The amendment, sponsored by Republican Sens. Bill Frist (Tenn.) and
Judd Gregg (N.H.), transferred $1.9 billion from the fiscal year 2006
emergency war supplemental to the Department of Homeland Security. As
part of the plan, the National Guard is to provide some 6,000 soldiers
for border duty for at least a year.
Assistant Secretary of Defense Paul McHale said in May the Defense
Department will be completely reimbursed for the costs of the border
deployment, about $756 million.
It will be reimbursed, but with money taken directly out of the Marine
Corps' and Army's pocket -- $500 million and $1.1 billion respectively
-- that was intended to replace trucks, jammers and radios.
A source in Frist's office said the amendment "did not specify what
accounts money was to be taken out of the defense request. It was
written in such a way as to provide (flexibility) to the Pentagon."
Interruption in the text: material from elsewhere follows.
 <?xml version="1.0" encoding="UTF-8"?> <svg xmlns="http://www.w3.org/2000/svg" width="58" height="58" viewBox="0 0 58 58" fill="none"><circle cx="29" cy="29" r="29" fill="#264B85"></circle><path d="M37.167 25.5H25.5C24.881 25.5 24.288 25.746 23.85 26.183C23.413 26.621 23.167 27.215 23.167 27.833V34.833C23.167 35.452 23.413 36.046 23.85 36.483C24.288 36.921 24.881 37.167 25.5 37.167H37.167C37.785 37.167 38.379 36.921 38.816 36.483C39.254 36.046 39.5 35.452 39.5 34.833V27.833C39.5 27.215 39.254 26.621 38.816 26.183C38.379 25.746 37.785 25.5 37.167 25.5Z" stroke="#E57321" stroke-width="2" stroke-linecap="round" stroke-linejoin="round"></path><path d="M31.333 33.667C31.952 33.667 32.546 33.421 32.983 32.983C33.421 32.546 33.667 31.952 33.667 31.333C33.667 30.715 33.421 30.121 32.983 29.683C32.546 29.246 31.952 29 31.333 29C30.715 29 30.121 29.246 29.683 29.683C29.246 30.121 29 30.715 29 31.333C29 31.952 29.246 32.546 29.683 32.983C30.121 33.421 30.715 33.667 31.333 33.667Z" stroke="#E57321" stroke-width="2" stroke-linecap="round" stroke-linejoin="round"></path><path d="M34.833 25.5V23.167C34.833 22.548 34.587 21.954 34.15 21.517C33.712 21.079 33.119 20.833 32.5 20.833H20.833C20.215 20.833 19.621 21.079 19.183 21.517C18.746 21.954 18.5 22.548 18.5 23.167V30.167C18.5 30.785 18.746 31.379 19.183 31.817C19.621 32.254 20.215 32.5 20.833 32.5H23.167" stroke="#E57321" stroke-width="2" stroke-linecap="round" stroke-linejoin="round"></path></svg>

But the decision has already been made in OMB, and attempts to get the
administration to restore the funding have fallen on deaf ears,
according to the Pentagon official.
"We tried the normal mechanisms inside the building and it was 'talk
to the hand,'" the official said, on condition of anonymity because of
the political sensitivity of the matter. "There is no appeal mechanism.
It was done very quickly, by directive."
There are many categories of spending in the supplemental, including
the direct cost of war; Iraq reconstruction; equipping and training
Iraqi security forces; and resetting the force.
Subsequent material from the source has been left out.